• _WHAT TO PRODUCE_
After reading the entries below, report how many lines have the string "prohibition" in them, giving the number alone.

[DATA TO USE Boundary: Start]

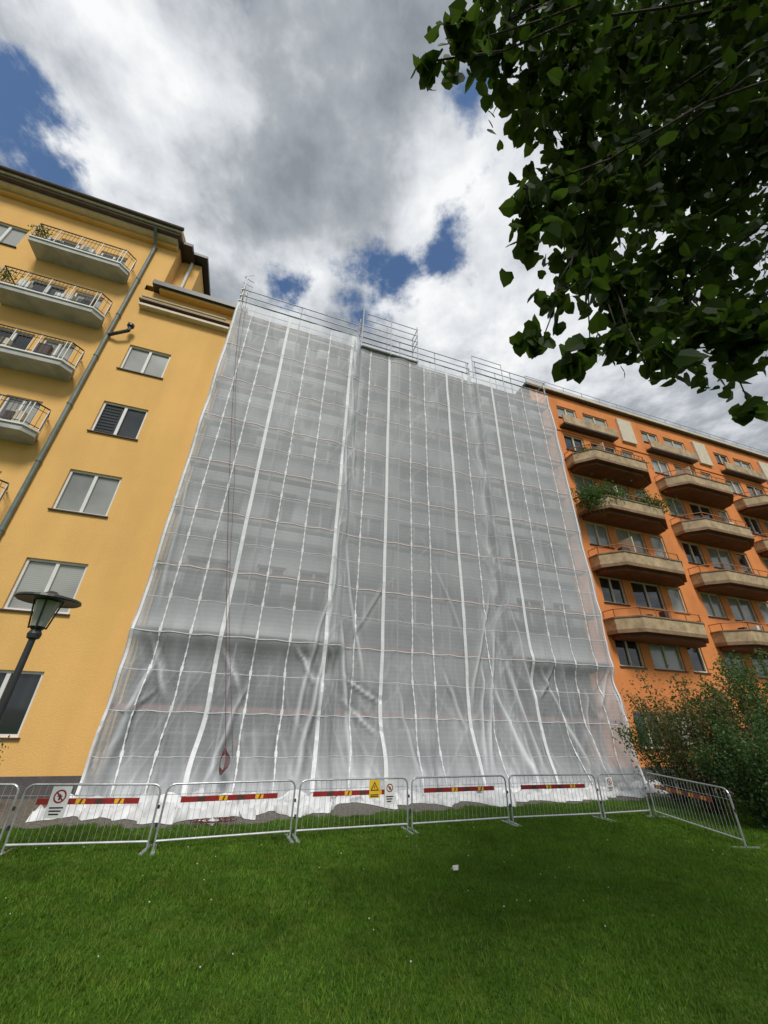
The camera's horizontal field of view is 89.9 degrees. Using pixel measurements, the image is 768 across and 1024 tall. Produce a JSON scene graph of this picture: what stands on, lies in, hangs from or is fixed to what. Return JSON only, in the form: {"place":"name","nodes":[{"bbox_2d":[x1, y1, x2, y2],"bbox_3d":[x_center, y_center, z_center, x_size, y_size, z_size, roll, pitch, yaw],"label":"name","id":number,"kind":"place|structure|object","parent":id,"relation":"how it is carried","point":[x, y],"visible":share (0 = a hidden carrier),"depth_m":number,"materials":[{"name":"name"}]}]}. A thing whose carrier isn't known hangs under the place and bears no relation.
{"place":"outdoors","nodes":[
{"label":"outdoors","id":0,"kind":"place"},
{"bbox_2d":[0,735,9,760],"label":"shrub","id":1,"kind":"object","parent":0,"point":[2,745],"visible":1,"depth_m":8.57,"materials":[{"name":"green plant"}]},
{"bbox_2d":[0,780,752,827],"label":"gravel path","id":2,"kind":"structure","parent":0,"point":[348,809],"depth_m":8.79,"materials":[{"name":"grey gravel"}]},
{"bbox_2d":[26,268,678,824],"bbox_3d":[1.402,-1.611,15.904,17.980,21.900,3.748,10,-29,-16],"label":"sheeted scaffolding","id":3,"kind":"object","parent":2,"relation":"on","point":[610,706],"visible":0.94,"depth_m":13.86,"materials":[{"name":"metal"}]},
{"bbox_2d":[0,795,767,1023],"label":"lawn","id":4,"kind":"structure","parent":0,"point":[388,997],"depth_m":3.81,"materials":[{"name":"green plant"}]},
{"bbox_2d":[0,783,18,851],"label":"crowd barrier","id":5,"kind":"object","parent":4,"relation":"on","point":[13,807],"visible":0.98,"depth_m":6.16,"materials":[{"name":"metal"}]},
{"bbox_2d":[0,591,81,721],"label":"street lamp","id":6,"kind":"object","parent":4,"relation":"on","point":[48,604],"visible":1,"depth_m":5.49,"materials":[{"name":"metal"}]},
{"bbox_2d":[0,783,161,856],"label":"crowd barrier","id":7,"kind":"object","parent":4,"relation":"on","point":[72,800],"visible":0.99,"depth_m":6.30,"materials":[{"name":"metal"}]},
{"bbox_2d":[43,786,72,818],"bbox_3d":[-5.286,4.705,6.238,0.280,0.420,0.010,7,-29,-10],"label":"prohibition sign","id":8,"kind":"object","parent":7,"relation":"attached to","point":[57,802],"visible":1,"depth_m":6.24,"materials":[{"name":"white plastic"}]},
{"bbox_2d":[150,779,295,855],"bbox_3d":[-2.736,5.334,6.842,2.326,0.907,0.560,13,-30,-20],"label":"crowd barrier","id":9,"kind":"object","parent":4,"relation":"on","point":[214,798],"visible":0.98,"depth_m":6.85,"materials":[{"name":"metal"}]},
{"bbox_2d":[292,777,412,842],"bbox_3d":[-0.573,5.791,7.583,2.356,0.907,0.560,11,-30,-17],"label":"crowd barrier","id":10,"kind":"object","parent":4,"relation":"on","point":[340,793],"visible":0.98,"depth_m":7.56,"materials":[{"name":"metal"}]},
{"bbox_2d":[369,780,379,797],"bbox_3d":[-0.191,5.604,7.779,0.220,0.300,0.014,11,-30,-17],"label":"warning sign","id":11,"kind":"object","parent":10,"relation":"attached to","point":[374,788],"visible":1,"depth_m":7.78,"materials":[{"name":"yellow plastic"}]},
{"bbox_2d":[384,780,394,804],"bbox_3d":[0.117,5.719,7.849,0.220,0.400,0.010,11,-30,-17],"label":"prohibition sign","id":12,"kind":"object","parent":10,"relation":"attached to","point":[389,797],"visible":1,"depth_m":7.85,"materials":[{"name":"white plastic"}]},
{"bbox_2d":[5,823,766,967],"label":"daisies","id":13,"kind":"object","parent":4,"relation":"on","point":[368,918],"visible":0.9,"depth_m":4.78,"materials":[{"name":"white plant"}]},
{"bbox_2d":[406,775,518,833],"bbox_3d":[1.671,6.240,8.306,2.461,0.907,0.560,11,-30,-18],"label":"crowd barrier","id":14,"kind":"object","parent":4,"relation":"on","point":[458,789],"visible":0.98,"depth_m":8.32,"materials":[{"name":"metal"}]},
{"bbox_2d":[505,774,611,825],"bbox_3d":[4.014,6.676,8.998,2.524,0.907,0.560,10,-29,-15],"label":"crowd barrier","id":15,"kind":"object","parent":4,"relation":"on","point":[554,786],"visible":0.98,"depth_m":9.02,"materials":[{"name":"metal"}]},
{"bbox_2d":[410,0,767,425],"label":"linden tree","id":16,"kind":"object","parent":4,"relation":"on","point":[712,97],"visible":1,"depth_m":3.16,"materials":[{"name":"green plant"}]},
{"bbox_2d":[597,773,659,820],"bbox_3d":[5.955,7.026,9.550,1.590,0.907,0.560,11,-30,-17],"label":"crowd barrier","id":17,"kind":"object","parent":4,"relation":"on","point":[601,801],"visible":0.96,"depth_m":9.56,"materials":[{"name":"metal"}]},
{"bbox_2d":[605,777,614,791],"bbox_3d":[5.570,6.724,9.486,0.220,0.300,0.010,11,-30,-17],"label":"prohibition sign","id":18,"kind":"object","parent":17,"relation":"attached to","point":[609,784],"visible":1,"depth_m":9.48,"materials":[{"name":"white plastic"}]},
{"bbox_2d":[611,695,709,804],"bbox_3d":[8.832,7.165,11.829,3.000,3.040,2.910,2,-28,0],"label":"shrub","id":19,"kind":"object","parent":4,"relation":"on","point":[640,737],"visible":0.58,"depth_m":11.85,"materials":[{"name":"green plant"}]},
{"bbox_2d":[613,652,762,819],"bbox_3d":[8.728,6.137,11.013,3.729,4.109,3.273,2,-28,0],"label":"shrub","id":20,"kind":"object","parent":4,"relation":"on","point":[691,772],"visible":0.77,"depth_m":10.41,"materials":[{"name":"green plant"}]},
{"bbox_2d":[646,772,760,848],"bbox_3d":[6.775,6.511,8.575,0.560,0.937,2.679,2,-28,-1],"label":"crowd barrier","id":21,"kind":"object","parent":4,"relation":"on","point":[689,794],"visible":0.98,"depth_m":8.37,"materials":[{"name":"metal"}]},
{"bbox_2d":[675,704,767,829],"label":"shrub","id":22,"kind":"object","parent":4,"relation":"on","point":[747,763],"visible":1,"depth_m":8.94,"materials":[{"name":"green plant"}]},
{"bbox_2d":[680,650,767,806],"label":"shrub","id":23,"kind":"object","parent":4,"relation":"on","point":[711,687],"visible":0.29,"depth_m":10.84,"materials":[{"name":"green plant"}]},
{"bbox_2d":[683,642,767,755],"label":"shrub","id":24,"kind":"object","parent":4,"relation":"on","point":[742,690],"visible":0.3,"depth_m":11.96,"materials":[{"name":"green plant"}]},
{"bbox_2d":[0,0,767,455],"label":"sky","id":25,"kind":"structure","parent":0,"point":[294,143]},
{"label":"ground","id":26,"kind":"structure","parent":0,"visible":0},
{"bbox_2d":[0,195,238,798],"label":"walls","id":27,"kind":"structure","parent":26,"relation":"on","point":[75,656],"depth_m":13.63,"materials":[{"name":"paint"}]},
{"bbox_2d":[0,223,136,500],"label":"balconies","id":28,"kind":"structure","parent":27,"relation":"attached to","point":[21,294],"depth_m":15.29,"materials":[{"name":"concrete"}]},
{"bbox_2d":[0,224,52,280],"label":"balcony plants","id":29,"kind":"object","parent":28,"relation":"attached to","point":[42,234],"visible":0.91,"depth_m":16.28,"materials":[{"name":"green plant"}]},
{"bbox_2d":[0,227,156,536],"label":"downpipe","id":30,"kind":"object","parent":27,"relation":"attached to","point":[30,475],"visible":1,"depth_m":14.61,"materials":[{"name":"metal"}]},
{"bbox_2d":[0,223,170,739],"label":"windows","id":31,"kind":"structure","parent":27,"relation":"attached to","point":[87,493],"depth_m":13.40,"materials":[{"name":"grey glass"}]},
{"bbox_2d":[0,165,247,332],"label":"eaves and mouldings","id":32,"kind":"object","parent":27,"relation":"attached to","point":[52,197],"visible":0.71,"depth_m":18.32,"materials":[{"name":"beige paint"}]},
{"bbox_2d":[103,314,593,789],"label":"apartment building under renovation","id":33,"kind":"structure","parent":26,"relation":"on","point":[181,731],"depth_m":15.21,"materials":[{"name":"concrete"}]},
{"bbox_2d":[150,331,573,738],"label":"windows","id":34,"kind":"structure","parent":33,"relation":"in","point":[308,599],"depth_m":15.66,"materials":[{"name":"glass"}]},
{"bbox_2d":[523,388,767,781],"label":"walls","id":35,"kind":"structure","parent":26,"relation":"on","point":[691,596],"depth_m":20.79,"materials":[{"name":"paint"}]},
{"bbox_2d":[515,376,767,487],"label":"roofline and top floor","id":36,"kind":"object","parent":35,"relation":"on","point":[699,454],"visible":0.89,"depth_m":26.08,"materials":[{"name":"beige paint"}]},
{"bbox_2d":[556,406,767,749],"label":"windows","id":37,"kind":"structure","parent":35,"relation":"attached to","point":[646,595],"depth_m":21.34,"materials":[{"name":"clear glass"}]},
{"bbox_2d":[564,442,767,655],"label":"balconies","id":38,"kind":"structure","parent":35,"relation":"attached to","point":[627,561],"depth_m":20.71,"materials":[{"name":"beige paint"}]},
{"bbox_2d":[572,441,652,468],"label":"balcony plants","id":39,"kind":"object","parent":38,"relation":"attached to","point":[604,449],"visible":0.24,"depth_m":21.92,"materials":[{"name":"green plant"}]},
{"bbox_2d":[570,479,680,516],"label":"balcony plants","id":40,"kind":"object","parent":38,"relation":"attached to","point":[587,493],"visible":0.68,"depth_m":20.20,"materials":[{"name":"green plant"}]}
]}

[DATA TO USE Boundary: End]

• _WRITTEN SOLUTION_
3